- Pitcher
- Born: March 23, 1956 (age 70) Pomona, California, U.S.
- Batted: RightThrew: Right

MLB debut
- September 6, 1977, for the Toronto Blue Jays

Last MLB appearance
- September 6, 1977, for the Toronto Blue Jays

MLB statistics
- Win–loss record: 0–1
- Earned run average: 33.75
- Strikeouts: 1
- Stats at Baseball Reference

Teams
- Toronto Blue Jays (1977);

= Mike Darr (pitcher) =

American baseball player (born 1956)

Michael Edward Darr (born March 23, 1956) is an American former professional baseball pitcher. He played in one game for the Toronto Blue Jays of Major League Baseball (MLB) in their inaugural 1977 season.

==Early years==
Mike attended Norco High School in Norco, California.

==Career==
Darr was selected by the Baltimore Orioles in 4th round (96th overall) in the 1974 Major League Baseball draft, and spent three years in the Orioles minor league system, rising to the AA level. He then was selected by Toronto Blue Jays in the 2nd round (17th overall) of the 1976 expansion draft.
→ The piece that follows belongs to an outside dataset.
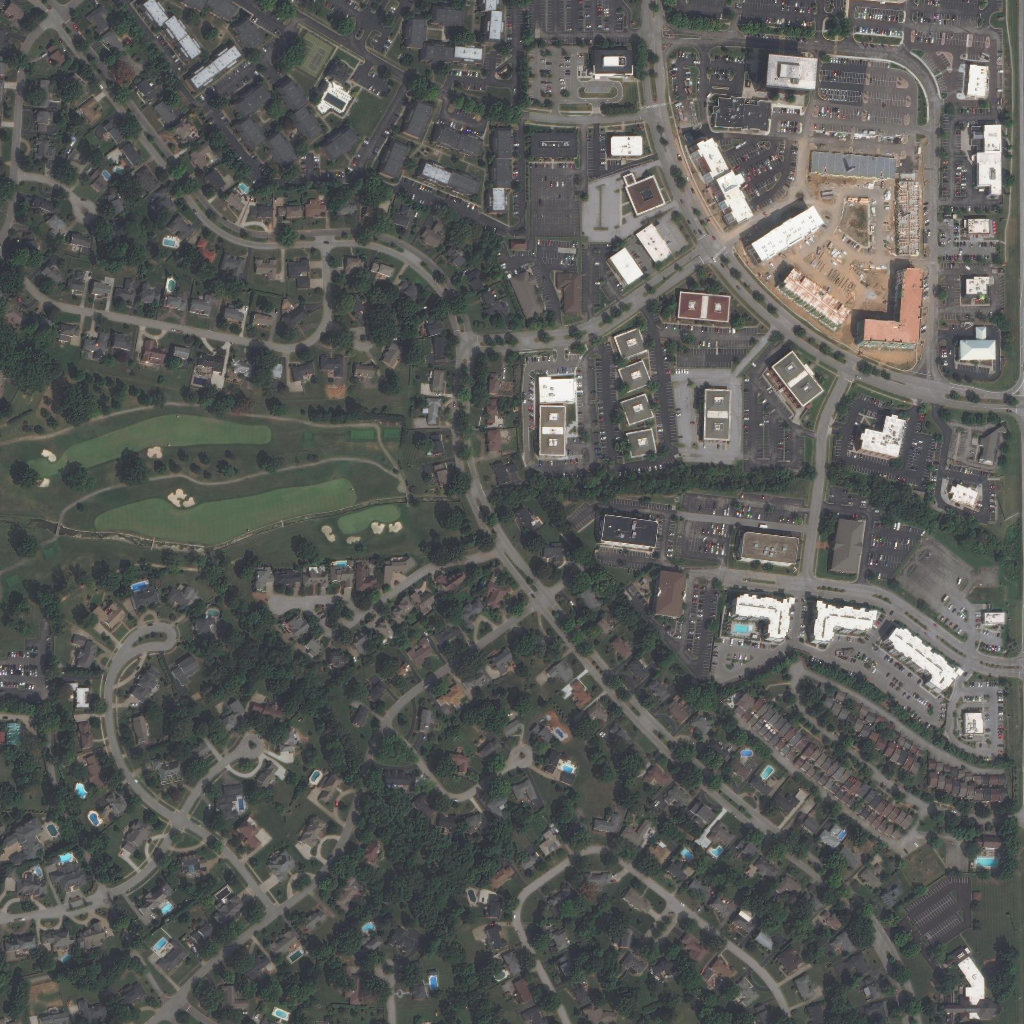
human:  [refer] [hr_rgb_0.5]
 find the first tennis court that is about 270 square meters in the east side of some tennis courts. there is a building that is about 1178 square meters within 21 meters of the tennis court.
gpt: <box>[[29, 4, 32, 7, 0]]</box>

Darr spent most of the 1977 season with the Jays' AA affiliate in Jersey City, compiling a 6-13 record with a 6.14 ERA, and more walks (114) than strikeouts (110). Despite these less-than-stellar statistics, Darr was called up to the majors in September.

Darr appeared in just one game for the Blue Jays. On September 6, 1977, at Exhibition Stadium against the Boston Red Sox, Darr was the starting pitcher against "Spaceman" Bill Lee. He pitched an inning and a third before being pulled and replaced by Tom Murphy. In that inning and a third, he gave up three hits, five runs, four walks, hit one batter with a pitch, and had one strike-out. Among the three hits he surrendered was a grand slam to Carlton Fisk. Darr earned the losing decision in the game, finishing his ML career with an ERA of 33.75. Darr did not appear again in a major league game.

Darr toiled for the next two seasons in the Blue Jays minor league system. He spent 1978 in triple-A (where he went 6-16 with a 4.06 ERA, again had more walks than strikeouts, and threw 23 wild pitches) before being demoted down to A-level ball for his final pro season in 1979.

He was the father of Mike Darr, a San Diego Padres outfielder who died at age 25 in a car accident in 2002. A second son, Ryan, would be drafted by the St. Louis Cardinals in 1996 and play minor league baseball for five years.